- Information
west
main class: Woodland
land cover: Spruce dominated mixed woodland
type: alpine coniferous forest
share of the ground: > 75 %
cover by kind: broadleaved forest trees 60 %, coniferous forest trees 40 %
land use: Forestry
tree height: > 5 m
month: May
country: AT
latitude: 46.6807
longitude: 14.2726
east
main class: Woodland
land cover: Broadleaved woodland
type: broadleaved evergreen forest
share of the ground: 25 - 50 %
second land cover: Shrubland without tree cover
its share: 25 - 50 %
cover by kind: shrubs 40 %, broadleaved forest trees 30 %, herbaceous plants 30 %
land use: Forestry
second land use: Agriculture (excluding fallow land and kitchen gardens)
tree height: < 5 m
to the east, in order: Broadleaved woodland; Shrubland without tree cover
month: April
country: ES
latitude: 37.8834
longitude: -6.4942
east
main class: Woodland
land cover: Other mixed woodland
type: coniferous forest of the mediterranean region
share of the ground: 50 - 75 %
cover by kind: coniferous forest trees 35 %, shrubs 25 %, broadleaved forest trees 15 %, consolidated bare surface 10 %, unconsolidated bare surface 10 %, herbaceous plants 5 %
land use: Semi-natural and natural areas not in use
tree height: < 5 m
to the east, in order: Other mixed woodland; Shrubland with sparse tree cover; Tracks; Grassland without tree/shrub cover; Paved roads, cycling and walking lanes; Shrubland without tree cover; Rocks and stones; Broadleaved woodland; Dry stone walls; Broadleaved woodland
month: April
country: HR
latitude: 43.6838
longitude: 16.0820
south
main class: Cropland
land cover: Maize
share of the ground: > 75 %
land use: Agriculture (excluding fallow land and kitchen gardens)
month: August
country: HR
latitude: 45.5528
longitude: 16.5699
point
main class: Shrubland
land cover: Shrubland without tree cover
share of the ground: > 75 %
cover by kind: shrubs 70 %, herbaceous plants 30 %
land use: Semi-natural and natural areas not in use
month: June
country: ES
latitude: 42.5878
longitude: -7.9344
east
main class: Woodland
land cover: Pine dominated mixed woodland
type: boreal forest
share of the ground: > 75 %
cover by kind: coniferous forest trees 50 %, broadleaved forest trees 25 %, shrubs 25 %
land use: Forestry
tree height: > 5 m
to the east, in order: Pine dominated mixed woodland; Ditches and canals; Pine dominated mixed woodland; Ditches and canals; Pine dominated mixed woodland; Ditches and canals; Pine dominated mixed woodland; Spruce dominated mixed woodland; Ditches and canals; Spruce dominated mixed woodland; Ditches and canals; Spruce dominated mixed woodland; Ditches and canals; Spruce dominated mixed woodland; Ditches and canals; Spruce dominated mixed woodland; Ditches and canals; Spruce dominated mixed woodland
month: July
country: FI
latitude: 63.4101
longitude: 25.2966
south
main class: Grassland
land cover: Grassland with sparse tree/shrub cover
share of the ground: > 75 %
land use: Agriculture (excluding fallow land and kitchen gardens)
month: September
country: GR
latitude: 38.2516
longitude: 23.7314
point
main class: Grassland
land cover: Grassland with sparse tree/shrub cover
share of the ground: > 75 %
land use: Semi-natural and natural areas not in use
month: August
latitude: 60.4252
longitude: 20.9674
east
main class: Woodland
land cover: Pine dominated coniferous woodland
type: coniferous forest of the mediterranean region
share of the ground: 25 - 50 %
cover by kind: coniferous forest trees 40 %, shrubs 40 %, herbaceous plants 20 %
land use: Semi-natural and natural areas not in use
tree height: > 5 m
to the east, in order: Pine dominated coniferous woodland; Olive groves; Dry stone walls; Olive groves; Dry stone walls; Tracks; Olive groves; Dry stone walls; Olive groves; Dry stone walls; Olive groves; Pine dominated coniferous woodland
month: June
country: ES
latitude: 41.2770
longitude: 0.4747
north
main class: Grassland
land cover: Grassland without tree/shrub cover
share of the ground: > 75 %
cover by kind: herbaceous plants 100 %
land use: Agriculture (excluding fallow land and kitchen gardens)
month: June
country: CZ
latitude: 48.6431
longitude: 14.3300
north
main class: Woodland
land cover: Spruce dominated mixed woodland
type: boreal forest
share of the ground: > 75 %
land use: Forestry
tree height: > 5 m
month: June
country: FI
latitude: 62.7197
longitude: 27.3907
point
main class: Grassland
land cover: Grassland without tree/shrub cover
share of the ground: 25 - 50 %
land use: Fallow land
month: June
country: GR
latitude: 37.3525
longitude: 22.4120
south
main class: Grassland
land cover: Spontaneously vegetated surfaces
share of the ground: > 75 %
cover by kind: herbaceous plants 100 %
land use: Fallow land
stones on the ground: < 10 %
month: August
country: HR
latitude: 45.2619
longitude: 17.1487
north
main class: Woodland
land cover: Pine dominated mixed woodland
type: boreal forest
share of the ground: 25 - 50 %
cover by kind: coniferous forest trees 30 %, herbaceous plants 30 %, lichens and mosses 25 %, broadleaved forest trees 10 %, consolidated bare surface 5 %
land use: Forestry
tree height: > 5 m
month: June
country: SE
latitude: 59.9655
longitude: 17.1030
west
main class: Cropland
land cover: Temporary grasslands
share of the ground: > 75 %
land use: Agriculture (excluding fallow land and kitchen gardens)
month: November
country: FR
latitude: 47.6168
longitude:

- Work task
The lines holding the string "Tracks" are what is needed from the material above.

- Exercise solution
to the east, in order: Other mixed woodland; Shrubland with sparse tree cover; Tracks; Grassland without tree/shrub cover; Paved roads, cycling and walking lanes; Shrubland without tree cover; Rocks and stones; Broadleaved woodland; Dry stone walls; Broadleaved woodland
to the east, in order: Pine dominated coniferous woodland; Olive groves; Dry stone walls; Olive groves; Dry stone walls; Tracks; Olive groves; Dry stone walls; Olive groves; Dry stone walls; Olive groves; Pine dominated coniferous woodland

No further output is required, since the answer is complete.